> [Collected data entries]
________________________

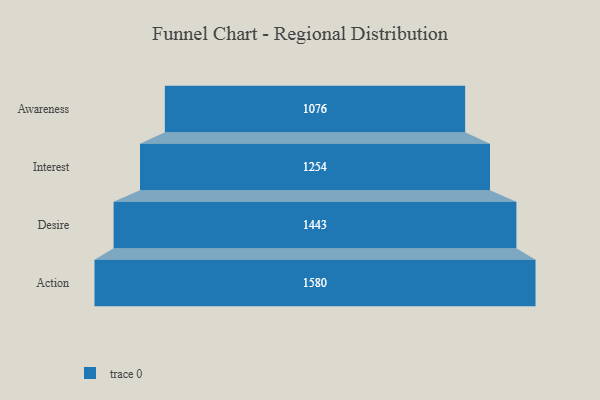
{"axis": {"x": "Stage", "y": "Value"}, "legend": [""], "data": [{"x": "Awareness", "y": 1076.0, "type": ""}, {"x": "Interest", "y": 1254.0, "type": ""}, {"x": "Desire", "y": 1443.0, "type": ""}, {"x": "Action", "y": 1580.0, "type": ""}]}
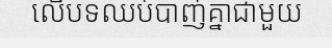
លើបទឈប់បាញ់គ្នាជាមួយ
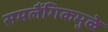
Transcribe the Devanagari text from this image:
समलैंगिकमुळे
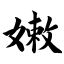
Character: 嫩
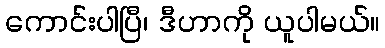
ကောင်းပါပြီ၊ ဒီဟာကို ယူပါမယ်။
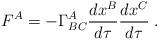
LaTeX: \begin{align*}F^A=-\Gamma _{BC}^A\frac{dx^B}{d\tau }\frac{dx^C}{d\tau }\;. \end{align*}
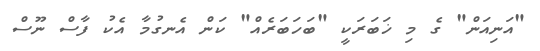
"އަނިއަން" ގެ މި ޚަބަރަކީ "ބަހަބަރެއް" ކަން އެނގުމާ އެކު ފާސް ނޫސް

________________________

> [TASK TO CARRY OUT] What you return must match each record exactly and contain no images.

> [RESPONSE FOR THIS EXERCISE]
{"axis": {"x": "Stage", "y": "Value"}, "legend": [""], "data": [{"x": "Awareness", "y": 1076.0, "type": ""}, {"x": "Interest", "y": 1254.0, "type": ""}, {"x": "Desire", "y": 1443.0, "type": ""}, {"x": "Action", "y": 1580.0, "type": ""}]}
លើបទឈប់បាញ់គ្នាជាមួយ
Transcribe the Devanagari text from this image:
समलैंगिकमुळे
Character: 嫩
ကောင်းပါပြီ၊ ဒီဟာကို ယူပါမယ်။
LaTeX: \begin{align*}F^A=-\Gamma _{BC}^A\frac{dx^B}{d\tau }\frac{dx^C}{d\tau }\;. \end{align*}
"އަނިއަން" ގެ މި ޚަބަރަކީ "ބަހަބަރެއް" ކަން އެނގުމާ އެކު ފާސް ނޫސް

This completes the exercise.